There is at least one Arabic fighting manual which I know for a fact exists, it has a very long name but I'm fairly certain the first part of the title is "kitaab al furesiya". It focuses on the use of a curved "saif" (which just means sword in Arabic, whether straight or curved) On foot and on horseback, and I believe there is also a mounted archery section, but I'm not totally sure. Many others probably exist but they are more or less in an undiscovered state similar to much of our MARE material had been until recent decades. There are also Persian fighting manuals, and Turkish ones as Stacy mentioned. I do believe however that the clay cutting image Stacy described may actually be in the Arabic fighting manual Kitaab Al Furesiya because I remember seeing an image of cutting at clay in that manual when I stumbled across an online copy which I have since lost the link to

. (Or perhaps clay was a common test cutting medium in the Middle East?)

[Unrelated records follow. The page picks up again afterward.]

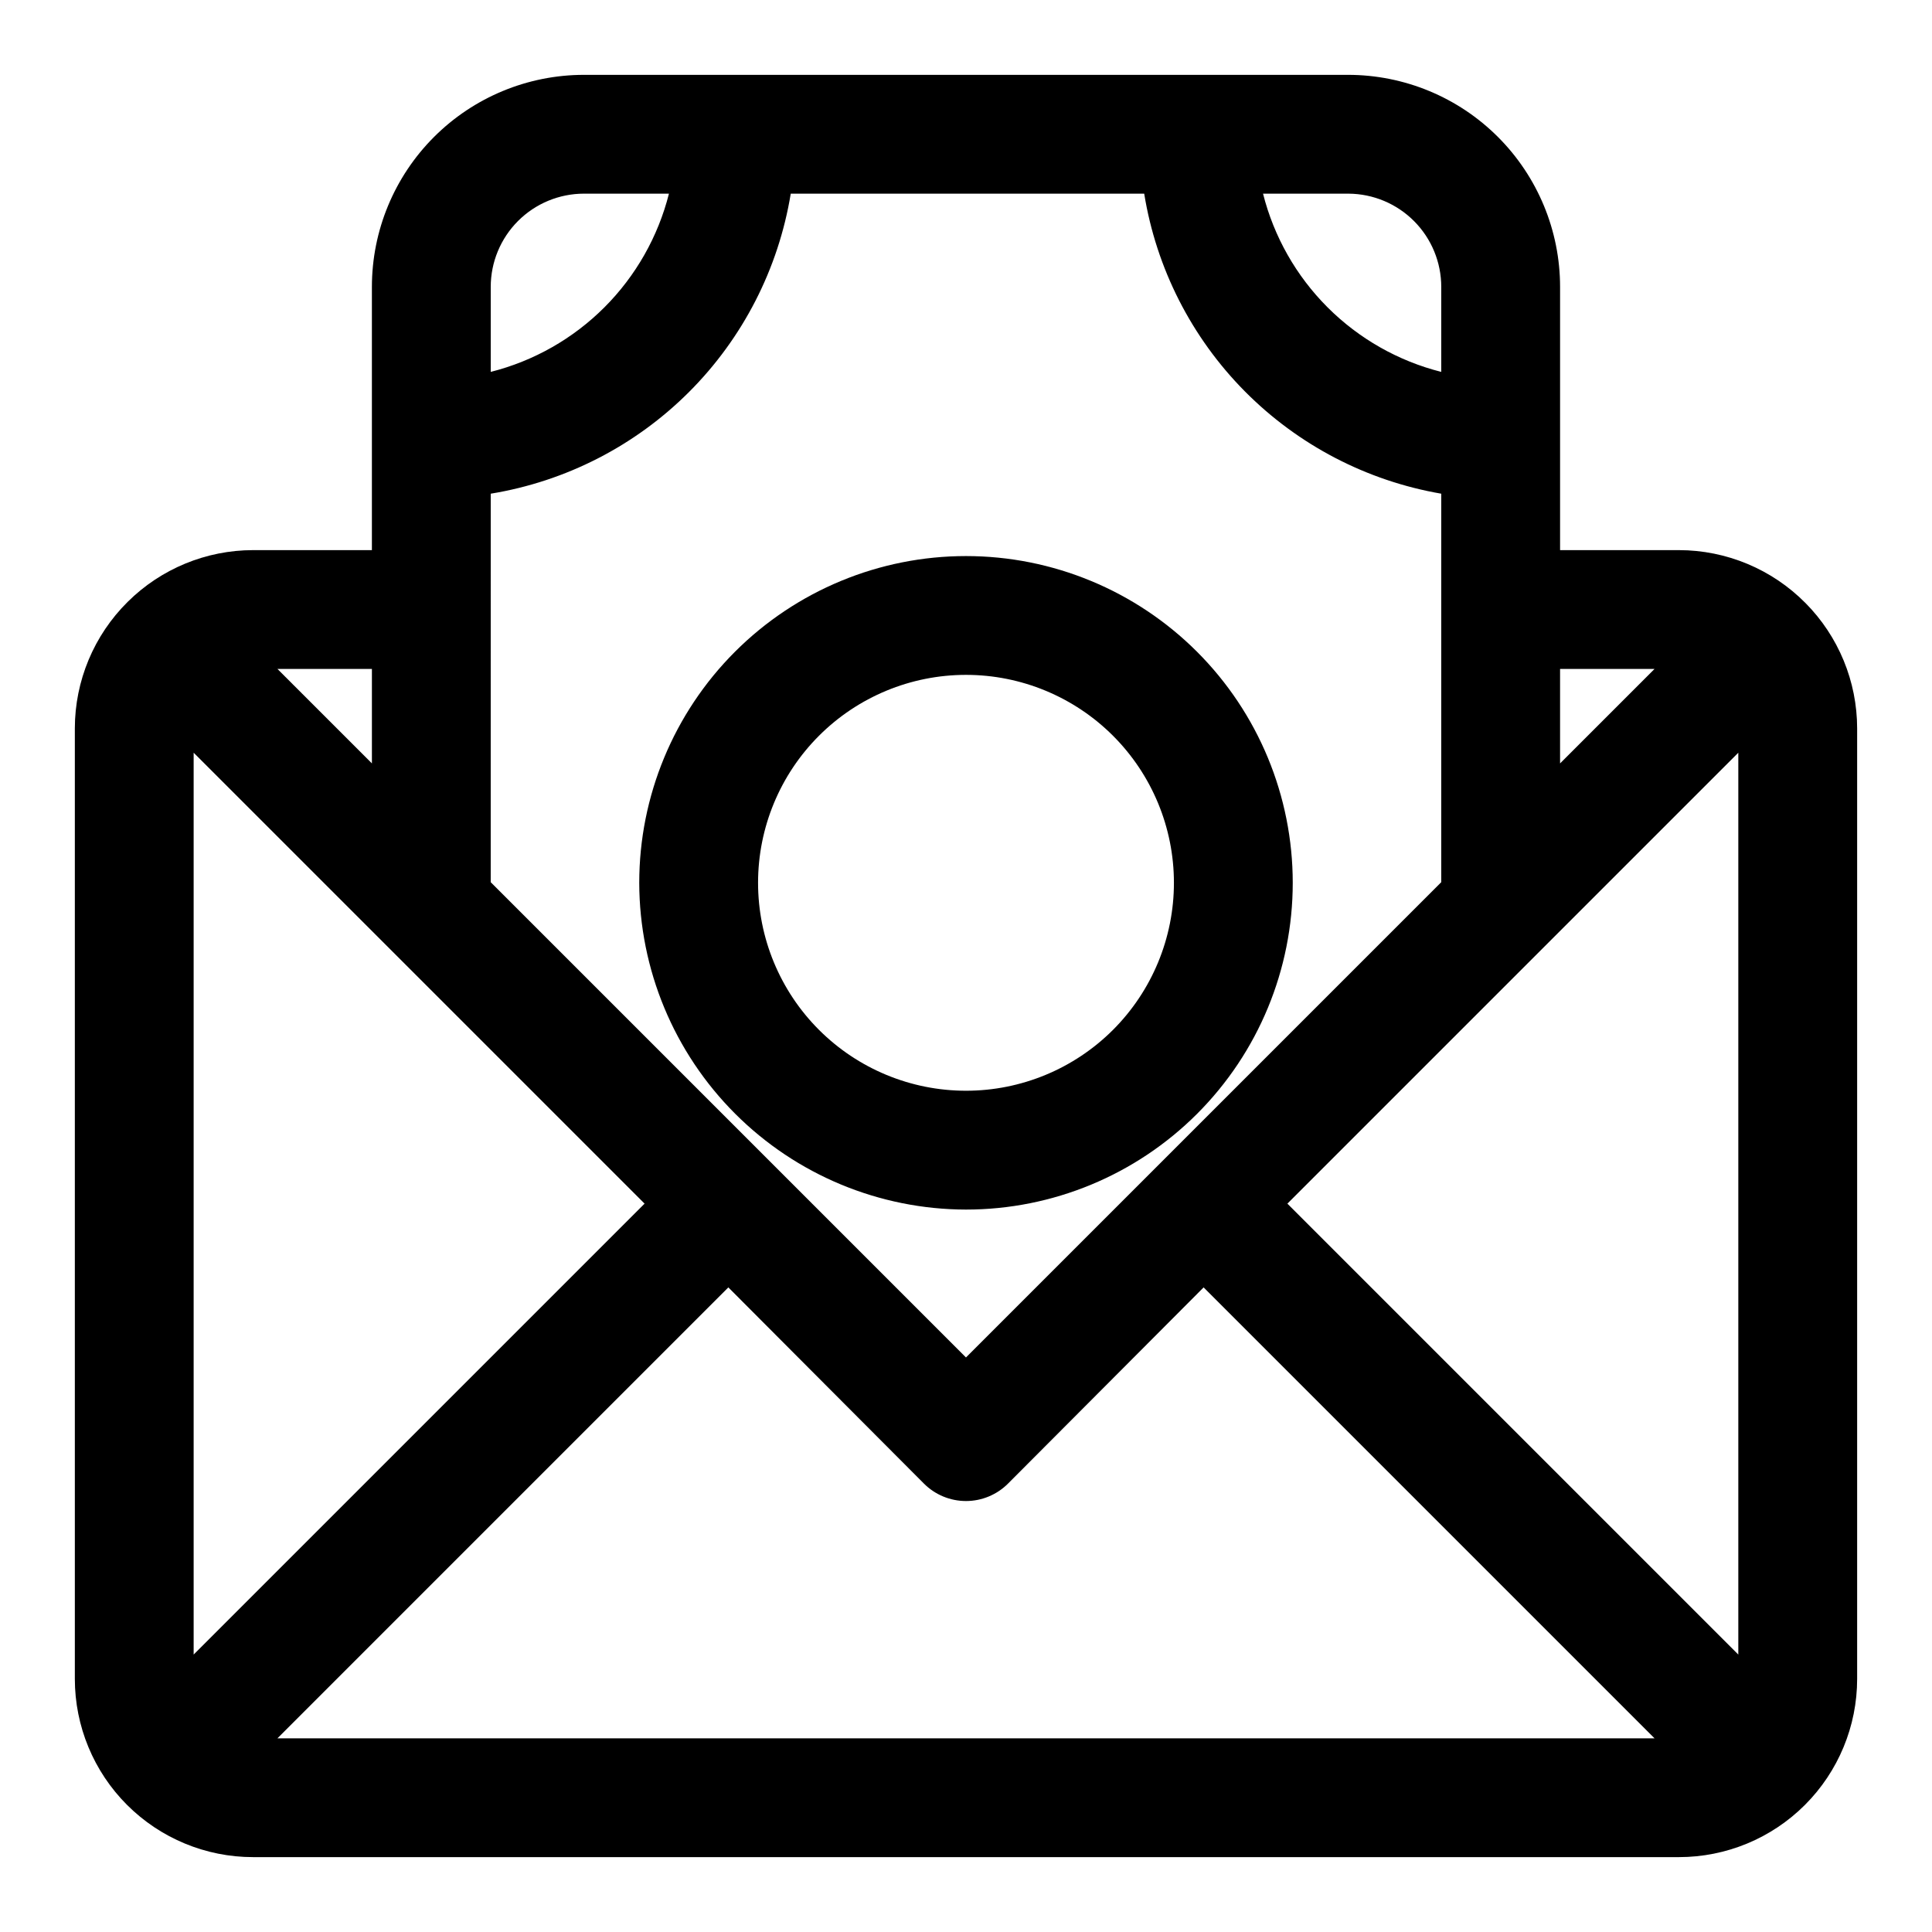 <?xml version="1.0" encoding="UTF-8"?>
<!-- Uploaded to: ICON Repo, www.iconrepo.com, Generator: ICON Repo Mixer Tools -->
<svg fill="#000000" width="800px" height="800px" version="1.1" viewBox="144 144 512 512" xmlns="http://www.w3.org/2000/svg">
 <g>
  <path d="m400 464.55c22.965 0 44.988-9.125 61.227-25.363 16.242-16.238 25.363-38.266 25.363-61.23 0-22.965-9.121-44.992-25.363-61.23-16.238-16.238-38.262-25.363-61.227-25.363-22.969 0-44.992 9.125-61.23 25.363-16.238 16.238-25.363 38.266-25.363 61.23 0.043 22.953 9.18 44.953 25.41 61.184 16.227 16.23 38.23 25.367 61.184 25.41zm0-141.7v-0.004c14.613 0 28.629 5.809 38.965 16.141 10.332 10.336 16.137 24.352 16.137 38.965s-5.805 28.629-16.137 38.965c-10.336 10.332-24.352 16.141-38.965 16.141-14.617 0-28.633-5.809-38.965-16.141-10.336-10.336-16.141-24.352-16.141-38.965s5.805-28.629 16.141-38.965c10.332-10.332 24.348-16.141 38.965-16.141z"/>
  <path d="m622.46 303.8c-8.859-8.957-20.934-14-33.535-14.012h-31.488v-69.746c0-14.906-5.922-29.203-16.461-39.742-10.539-10.543-24.836-16.465-39.742-16.465h-202.47c-14.906 0-29.203 5.922-39.746 16.465-10.539 10.539-16.461 24.836-16.461 39.742v69.746h-31.488c-12.445 0.012-24.383 4.934-33.219 13.699-8.957 8.859-14.004 20.934-14.016 33.535v251.9c0 12.527 4.977 24.543 13.836 33.398 8.859 8.859 20.871 13.836 33.398 13.836h377.86c12.527 0 24.543-4.977 33.398-13.836 8.859-8.855 13.836-20.871 13.836-33.398v-251.9c-0.012-12.445-4.934-24.387-13.699-33.223zm-427.14 39.676 119.5 119.5-119.5 119.5zm158.23-148.15h93.676c3.215 19.797 12.527 38.098 26.637 52.352 14.113 14.254 32.32 23.746 52.082 27.156v102.96l-125.95 125.95-125.95-125.95 0.004-102.96c19.906-3.262 38.289-12.688 52.555-26.953 14.262-14.262 23.691-32.645 26.953-52.555zm-16.531 289.85 51.797 51.957c2.957 2.981 6.981 4.656 11.18 4.656 4.195 0 8.219-1.676 11.176-4.656l51.801-51.957 119.5 119.5h-364.95zm148.15-22.195 119.5-119.5v239zm97.297-141.7-25.031 25.031v-25.035zm-56.52-101.24v22.516c-11.398-2.879-21.809-8.793-30.125-17.105-8.316-8.316-14.227-18.727-17.105-30.129h22.672c6.527 0.043 12.773 2.664 17.375 7.297 4.602 4.633 7.184 10.895 7.184 17.422zm-227.18-24.719h22.512c-2.879 11.402-8.789 21.812-17.105 30.129-8.316 8.312-18.723 14.227-30.125 17.105v-22.516c0-6.555 2.602-12.84 7.238-17.477 4.637-4.637 10.922-7.242 17.48-7.242zm-56.207 150.99-25.035-25.035h25.035z"/>
 </g>
</svg>

There is a long standing Persian grappling tradition inside Persian traditional gyms known as Zoor Khane or "House of Strength" Which definitely qualifies as a martial art, but which may have been ritualized to the point of non-martiality in the modern world, although again I'm not really certain as I have not had the opportunity to grapple in a Zoor Khane and determine how martial the focus is today, and it also probably varies from gym to gym.
Arabic, thankfully, has actually changed very little from the days of the 7th century to the present, and a person who has a high fluency in Modern Standard Arabic could probably understand one of these manuals without too much difficulty once they got through and overcame the obviously technical language related to swords and their use which would be found in such material.
Interestingly, swords in the Middle East, particularly in the Arab world, were typically actually straight double edged weapons with either cruciform, or downward curving cruciform hilts, during the period of the Crusades, and it was actually Turkish influences from Central Asia in the 14th-15th centuries who brought the popularization of the well known "scimitar" shape into the region.
I think it would definitely be interesting if any of these manuals and Middle Eastern fighting arts were to be uncovered in greater depth by somebody to make a comparison between our Art, and those of the Middle East. Our Arts are compared to death with those of Asia, a part of the world they had fairly limited contact with. But throughout the period we study there was frequent warfare between Europe and the Middle East and the two would in fact be a far more appropriate comparison.